The agricultural companies in the Disi and Mudawara areas of Maan Governorate, near the border with Saudi Arabia, are technically still operational and are still using the Disi aquifer's water to irrigate their crops, according to Hazem Al Nasser, a water expert and former minister of water and irrigation.
The government's decision not to renew the contracts of the four agricultural companies last year was only "political", Nasser claimed, and was not enforced.
"The companies are pumping 66 million cubic metres of water from the Disi aquifer in the south annually, costing the Kingdom JD30 million per year," the expert, who is also a former deputy, added.
Nasser was speaking at the sixth Jordanian Environment Conference, which opened on Tuesday to discuss some of Jordan's "hot" environmental issues, such as nuclear energy, the impact of climate change, water security and mega-projects, the green economy, and the conflict between natural resource exploitation and the protection of ecosystems, and concluded on Wednesday.
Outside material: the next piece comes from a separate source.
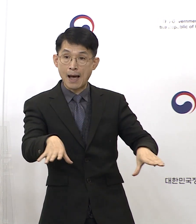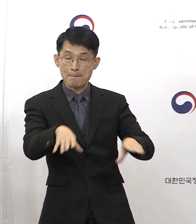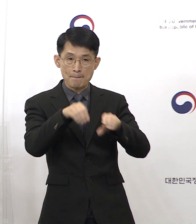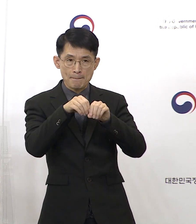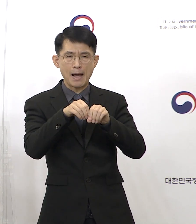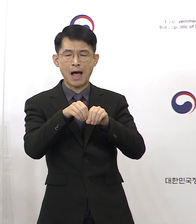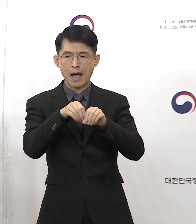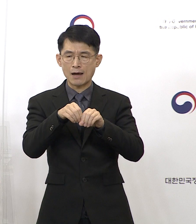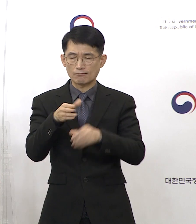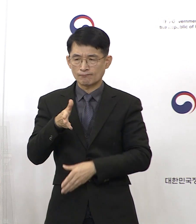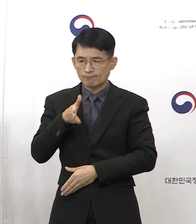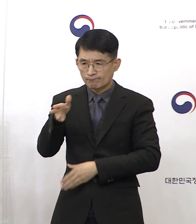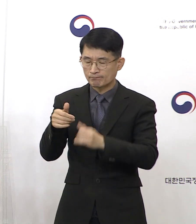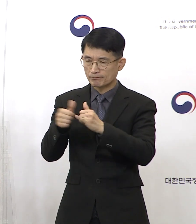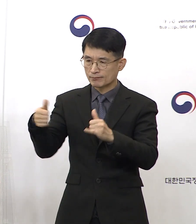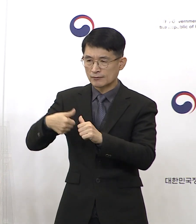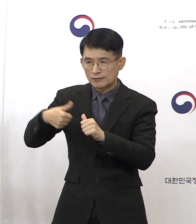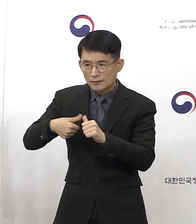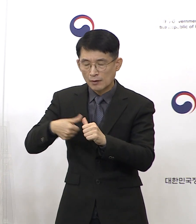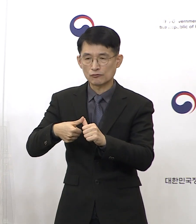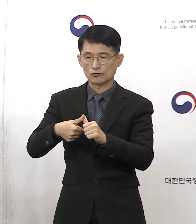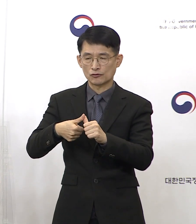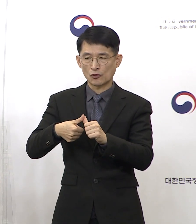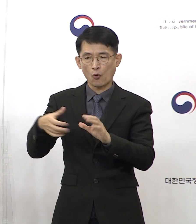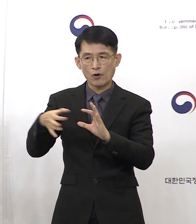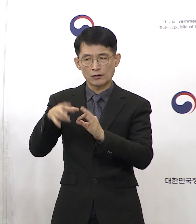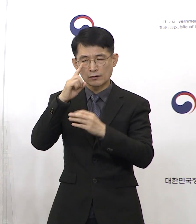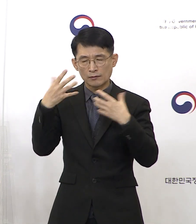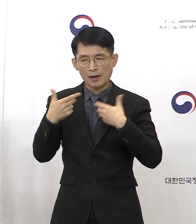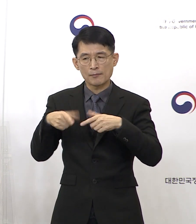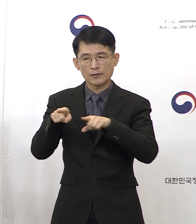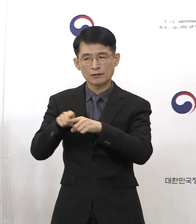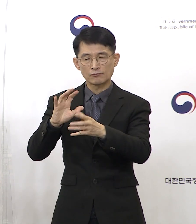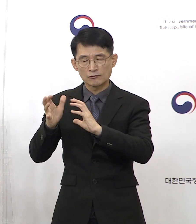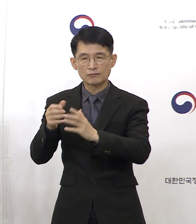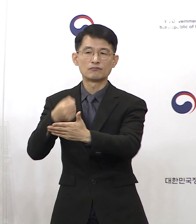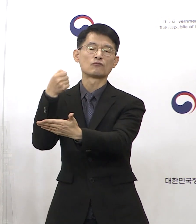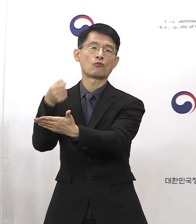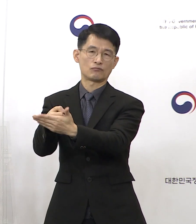전문가 자문 그리고 관계부처의 논의를 거쳐 결정되었습니다.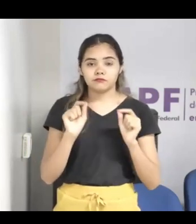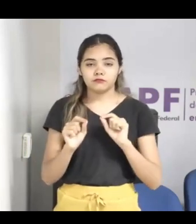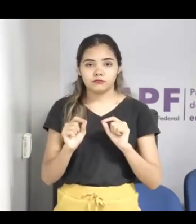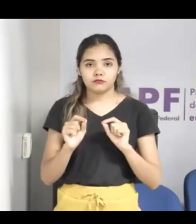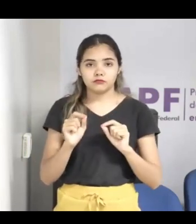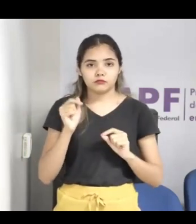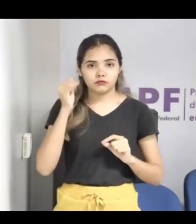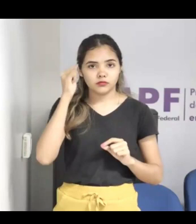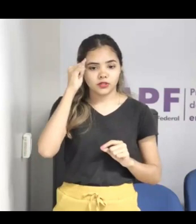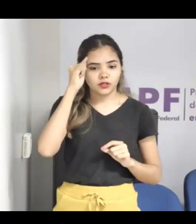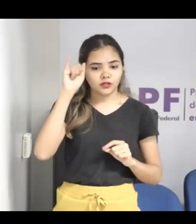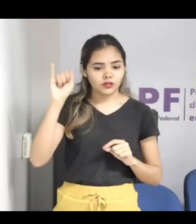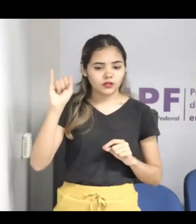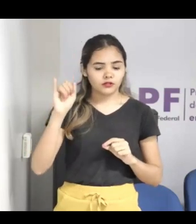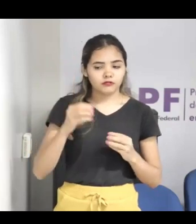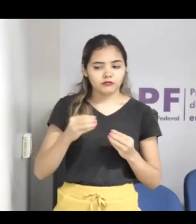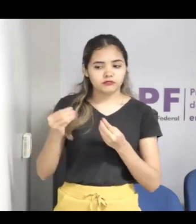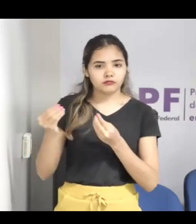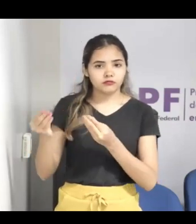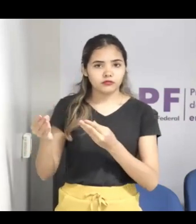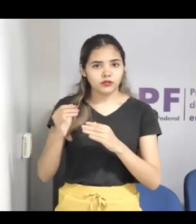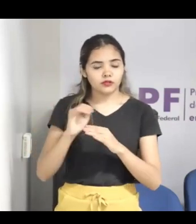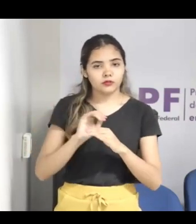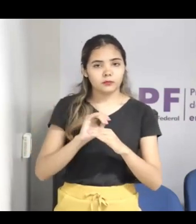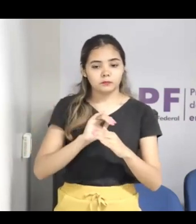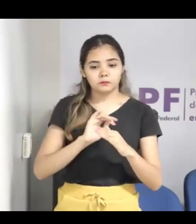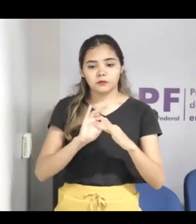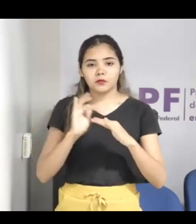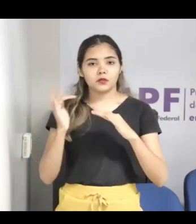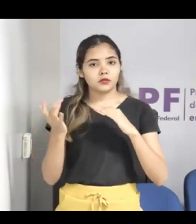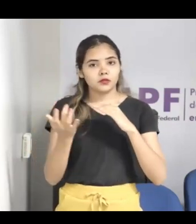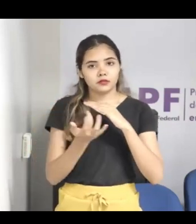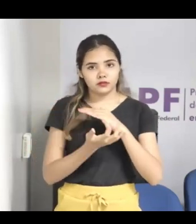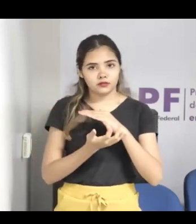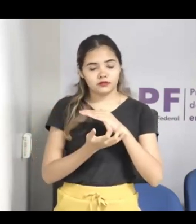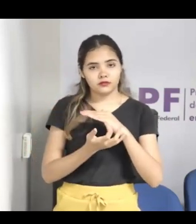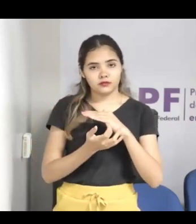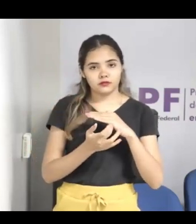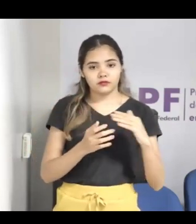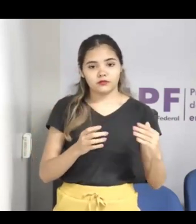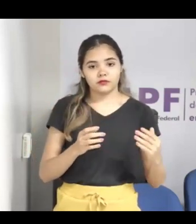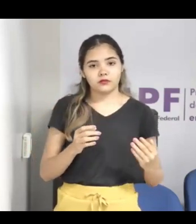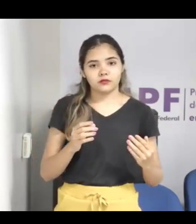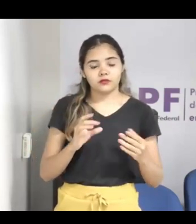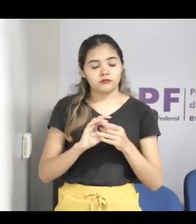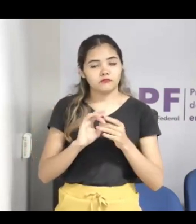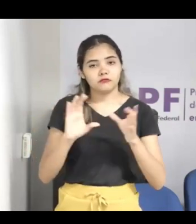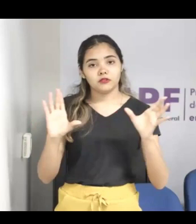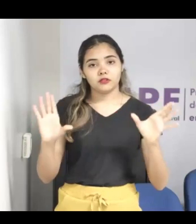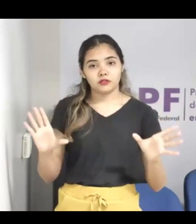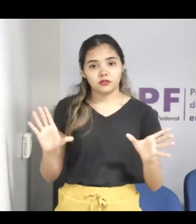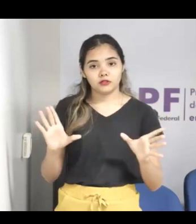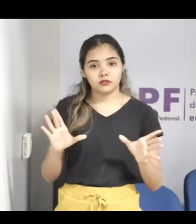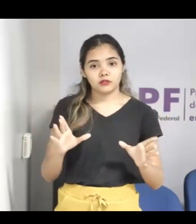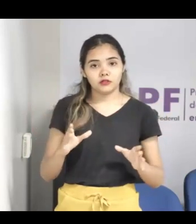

"Not only are the agricultural companies incurring losses for the country, they are also depleting groundwater and causing the contamination of the Disi aquifer, due to the use of pesticides and fertilisers," Nasser said in a paper discussing the Disi aquifer, which he called Jordan's last remaining supply of drinking water.
Controversy and protests against the agricultural companies in the south had been an issue of public debate for several years because the companies were not paying for water services and allegedly failed to uphold the terms of the contracts they signed with the government by planting crops other than cereals and fodder.
The agricultural companies in the south were established in the 1980s under 25-year contracts signed with the government. The contracts expired last year, and the government decided not to renew them in order to preserve the Disi aquifer's remaining water.
Participants in the conference on Wednesday raised questions about the safety of the water in the Disi aquifer, following reports claiming the water was contaminated with radioactive materials.
"The very term describing Disi water as contaminated due to radioactive materials is wrong. Radioactive substances occur naturally in water, rocks and soil around the world. If found in water, it can be easily treated with no repercussions on people's health," Nasser underlined.
A study released in 2009 claimed that Disi water was highly radioactive, but the Ministry of Water and Irrigation said the radioactivity was not a problem because the water would be diluted with equal amounts of water from other sources.